About this task: Read through the lines below for the string "འཕགས" and copy each one that has it.

Records from a collection
--*--

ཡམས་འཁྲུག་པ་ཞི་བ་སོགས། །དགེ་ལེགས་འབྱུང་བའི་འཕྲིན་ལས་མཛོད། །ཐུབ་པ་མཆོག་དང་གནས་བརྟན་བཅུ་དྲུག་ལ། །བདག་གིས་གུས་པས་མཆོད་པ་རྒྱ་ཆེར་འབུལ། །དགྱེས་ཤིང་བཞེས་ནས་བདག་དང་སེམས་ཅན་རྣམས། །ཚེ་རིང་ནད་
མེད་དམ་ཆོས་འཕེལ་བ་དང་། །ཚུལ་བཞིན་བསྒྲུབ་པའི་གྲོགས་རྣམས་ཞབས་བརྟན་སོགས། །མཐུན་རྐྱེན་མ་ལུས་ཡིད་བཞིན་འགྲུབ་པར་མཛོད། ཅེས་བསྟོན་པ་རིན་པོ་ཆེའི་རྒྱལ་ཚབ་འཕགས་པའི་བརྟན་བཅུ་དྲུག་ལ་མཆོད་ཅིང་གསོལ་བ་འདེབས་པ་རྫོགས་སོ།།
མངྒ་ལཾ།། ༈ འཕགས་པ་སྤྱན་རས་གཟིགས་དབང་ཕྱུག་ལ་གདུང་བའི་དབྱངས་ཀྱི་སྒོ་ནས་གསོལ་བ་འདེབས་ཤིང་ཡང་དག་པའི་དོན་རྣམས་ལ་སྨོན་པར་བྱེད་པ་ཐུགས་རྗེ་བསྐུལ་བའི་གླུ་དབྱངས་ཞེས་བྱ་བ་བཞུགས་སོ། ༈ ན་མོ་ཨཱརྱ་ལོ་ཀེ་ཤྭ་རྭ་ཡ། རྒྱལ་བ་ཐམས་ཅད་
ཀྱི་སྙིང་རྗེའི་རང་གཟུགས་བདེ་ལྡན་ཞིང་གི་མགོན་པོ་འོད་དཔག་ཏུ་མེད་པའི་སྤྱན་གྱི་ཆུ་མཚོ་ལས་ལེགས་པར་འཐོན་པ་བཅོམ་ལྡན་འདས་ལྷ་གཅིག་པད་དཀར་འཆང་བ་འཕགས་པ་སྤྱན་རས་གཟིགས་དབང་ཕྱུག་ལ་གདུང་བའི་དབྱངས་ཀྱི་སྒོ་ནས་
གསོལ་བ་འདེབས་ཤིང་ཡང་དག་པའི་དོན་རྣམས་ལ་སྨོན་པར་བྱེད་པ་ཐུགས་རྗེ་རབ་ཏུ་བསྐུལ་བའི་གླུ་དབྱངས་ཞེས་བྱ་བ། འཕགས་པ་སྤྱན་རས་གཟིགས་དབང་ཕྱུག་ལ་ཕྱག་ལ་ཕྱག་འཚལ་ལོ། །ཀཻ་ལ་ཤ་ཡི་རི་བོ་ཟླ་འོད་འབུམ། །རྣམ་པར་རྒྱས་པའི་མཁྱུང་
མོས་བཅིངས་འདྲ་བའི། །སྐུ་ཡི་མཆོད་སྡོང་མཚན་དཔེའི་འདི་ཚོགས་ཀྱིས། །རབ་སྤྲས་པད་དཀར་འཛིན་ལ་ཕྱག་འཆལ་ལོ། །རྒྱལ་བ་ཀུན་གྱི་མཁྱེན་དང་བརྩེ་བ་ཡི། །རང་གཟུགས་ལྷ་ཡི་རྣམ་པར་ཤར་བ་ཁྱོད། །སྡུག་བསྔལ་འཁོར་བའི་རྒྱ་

--*--

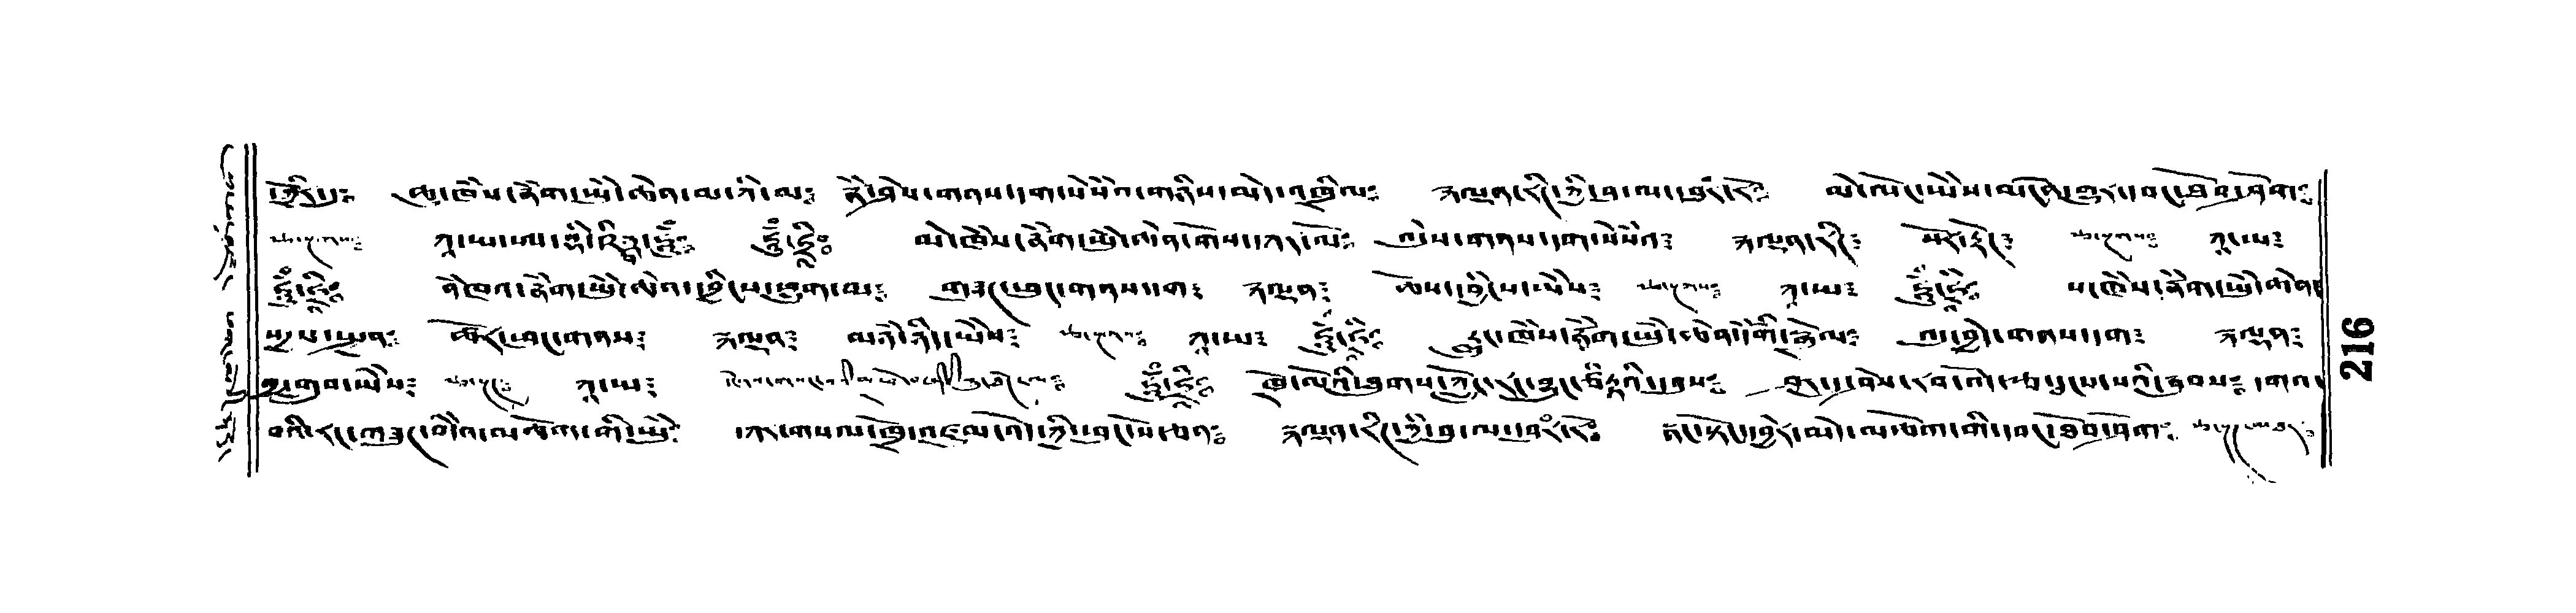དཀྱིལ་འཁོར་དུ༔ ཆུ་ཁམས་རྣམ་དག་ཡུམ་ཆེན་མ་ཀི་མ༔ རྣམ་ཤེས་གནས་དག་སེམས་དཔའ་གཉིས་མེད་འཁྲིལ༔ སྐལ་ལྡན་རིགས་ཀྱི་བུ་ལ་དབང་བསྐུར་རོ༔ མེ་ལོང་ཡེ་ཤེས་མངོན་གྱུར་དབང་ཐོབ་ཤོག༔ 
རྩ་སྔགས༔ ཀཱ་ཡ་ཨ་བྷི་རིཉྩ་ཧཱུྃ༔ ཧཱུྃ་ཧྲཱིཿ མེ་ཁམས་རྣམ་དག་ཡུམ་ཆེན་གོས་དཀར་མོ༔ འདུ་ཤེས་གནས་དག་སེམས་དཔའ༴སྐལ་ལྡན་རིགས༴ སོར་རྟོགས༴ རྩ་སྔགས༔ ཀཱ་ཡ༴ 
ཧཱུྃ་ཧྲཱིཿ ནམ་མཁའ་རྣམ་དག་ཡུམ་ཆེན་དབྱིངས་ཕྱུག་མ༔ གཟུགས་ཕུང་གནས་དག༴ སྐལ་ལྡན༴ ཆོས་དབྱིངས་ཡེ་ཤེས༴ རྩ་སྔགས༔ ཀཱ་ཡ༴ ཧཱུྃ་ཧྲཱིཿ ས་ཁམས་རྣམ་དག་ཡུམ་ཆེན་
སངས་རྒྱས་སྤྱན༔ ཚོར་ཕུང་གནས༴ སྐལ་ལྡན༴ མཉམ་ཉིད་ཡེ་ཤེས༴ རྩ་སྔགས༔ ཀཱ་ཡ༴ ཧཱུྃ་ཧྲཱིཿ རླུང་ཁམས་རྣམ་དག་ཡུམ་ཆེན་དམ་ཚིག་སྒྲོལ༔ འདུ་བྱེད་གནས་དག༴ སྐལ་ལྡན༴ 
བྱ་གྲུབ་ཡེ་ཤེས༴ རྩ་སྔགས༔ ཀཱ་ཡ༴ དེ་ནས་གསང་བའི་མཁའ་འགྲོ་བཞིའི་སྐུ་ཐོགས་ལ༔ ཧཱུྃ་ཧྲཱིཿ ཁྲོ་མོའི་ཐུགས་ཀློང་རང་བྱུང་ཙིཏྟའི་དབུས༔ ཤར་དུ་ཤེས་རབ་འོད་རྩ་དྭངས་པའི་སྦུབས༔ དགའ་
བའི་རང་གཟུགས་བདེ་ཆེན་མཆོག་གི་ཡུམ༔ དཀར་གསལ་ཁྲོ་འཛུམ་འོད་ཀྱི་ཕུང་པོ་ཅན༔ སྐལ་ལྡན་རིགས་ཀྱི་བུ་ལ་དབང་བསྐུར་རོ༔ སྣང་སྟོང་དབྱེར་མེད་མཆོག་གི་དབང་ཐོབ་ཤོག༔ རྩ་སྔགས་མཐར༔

--*--

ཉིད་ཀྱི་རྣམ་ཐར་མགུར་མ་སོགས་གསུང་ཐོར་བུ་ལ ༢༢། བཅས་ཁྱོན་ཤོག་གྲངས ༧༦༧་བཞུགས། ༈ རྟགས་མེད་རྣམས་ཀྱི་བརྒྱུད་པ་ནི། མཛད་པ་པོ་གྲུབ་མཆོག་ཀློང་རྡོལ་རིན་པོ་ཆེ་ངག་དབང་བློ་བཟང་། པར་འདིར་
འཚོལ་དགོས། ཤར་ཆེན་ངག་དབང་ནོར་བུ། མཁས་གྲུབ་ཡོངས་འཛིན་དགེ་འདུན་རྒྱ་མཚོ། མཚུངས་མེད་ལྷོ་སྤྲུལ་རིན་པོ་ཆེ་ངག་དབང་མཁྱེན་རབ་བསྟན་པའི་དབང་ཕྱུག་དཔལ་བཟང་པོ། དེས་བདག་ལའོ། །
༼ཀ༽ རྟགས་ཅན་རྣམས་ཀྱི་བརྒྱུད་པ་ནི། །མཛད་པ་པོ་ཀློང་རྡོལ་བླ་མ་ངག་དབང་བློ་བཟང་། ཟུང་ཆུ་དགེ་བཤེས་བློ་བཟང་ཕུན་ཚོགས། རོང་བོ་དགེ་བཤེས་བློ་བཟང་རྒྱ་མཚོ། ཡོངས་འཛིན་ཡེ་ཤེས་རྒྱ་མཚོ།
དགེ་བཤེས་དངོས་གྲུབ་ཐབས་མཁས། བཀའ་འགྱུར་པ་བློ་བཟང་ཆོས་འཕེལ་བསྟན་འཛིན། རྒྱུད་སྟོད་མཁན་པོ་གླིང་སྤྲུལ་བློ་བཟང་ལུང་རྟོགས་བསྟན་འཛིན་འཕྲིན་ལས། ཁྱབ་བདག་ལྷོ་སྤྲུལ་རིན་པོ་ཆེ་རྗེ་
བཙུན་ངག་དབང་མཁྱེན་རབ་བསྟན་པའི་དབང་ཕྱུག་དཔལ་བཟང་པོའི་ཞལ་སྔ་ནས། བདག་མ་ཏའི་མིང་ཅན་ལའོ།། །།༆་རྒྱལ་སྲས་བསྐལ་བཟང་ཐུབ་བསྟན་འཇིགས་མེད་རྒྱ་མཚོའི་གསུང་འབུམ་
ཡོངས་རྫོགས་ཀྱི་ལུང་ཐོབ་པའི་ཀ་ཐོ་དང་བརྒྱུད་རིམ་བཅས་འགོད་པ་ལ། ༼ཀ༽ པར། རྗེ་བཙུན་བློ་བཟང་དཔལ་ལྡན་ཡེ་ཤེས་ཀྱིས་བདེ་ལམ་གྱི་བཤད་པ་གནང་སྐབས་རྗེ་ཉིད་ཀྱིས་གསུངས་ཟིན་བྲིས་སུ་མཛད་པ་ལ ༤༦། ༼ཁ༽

--*--

Output of the task:
མེད་དམ་ཆོས་འཕེལ་བ་དང་། །ཚུལ་བཞིན་བསྒྲུབ་པའི་གྲོགས་རྣམས་ཞབས་བརྟན་སོགས། །མཐུན་རྐྱེན་མ་ལུས་ཡིད་བཞིན་འགྲུབ་པར་མཛོད། ཅེས་བསྟོན་པ་རིན་པོ་ཆེའི་རྒྱལ་ཚབ་འཕགས་པའི་བརྟན་བཅུ་དྲུག་ལ་མཆོད་ཅིང་གསོལ་བ་འདེབས་པ་རྫོགས་སོ།།
མངྒ་ལཾ།། ༈ འཕགས་པ་སྤྱན་རས་གཟིགས་དབང་ཕྱུག་ལ་གདུང་བའི་དབྱངས་ཀྱི་སྒོ་ནས་གསོལ་བ་འདེབས་ཤིང་ཡང་དག་པའི་དོན་རྣམས་ལ་སྨོན་པར་བྱེད་པ་ཐུགས་རྗེ་བསྐུལ་བའི་གླུ་དབྱངས་ཞེས་བྱ་བ་བཞུགས་སོ། ༈ ན་མོ་ཨཱརྱ་ལོ་ཀེ་ཤྭ་རྭ་ཡ། རྒྱལ་བ་ཐམས་ཅད་
ཀྱི་སྙིང་རྗེའི་རང་གཟུགས་བདེ་ལྡན་ཞིང་གི་མགོན་པོ་འོད་དཔག་ཏུ་མེད་པའི་སྤྱན་གྱི་ཆུ་མཚོ་ལས་ལེགས་པར་འཐོན་པ་བཅོམ་ལྡན་འདས་ལྷ་གཅིག་པད་དཀར་འཆང་བ་འཕགས་པ་སྤྱན་རས་གཟིགས་དབང་ཕྱུག་ལ་གདུང་བའི་དབྱངས་ཀྱི་སྒོ་ནས་
གསོལ་བ་འདེབས་ཤིང་ཡང་དག་པའི་དོན་རྣམས་ལ་སྨོན་པར་བྱེད་པ་ཐུགས་རྗེ་རབ་ཏུ་བསྐུལ་བའི་གླུ་དབྱངས་ཞེས་བྱ་བ། འཕགས་པ་སྤྱན་རས་གཟིགས་དབང་ཕྱུག་ལ་ཕྱག་ལ་ཕྱག་འཚལ་ལོ། །ཀཻ་ལ་ཤ་ཡི་རི་བོ་ཟླ་འོད་འབུམ། །རྣམ་པར་རྒྱས་པའི་མཁྱུང་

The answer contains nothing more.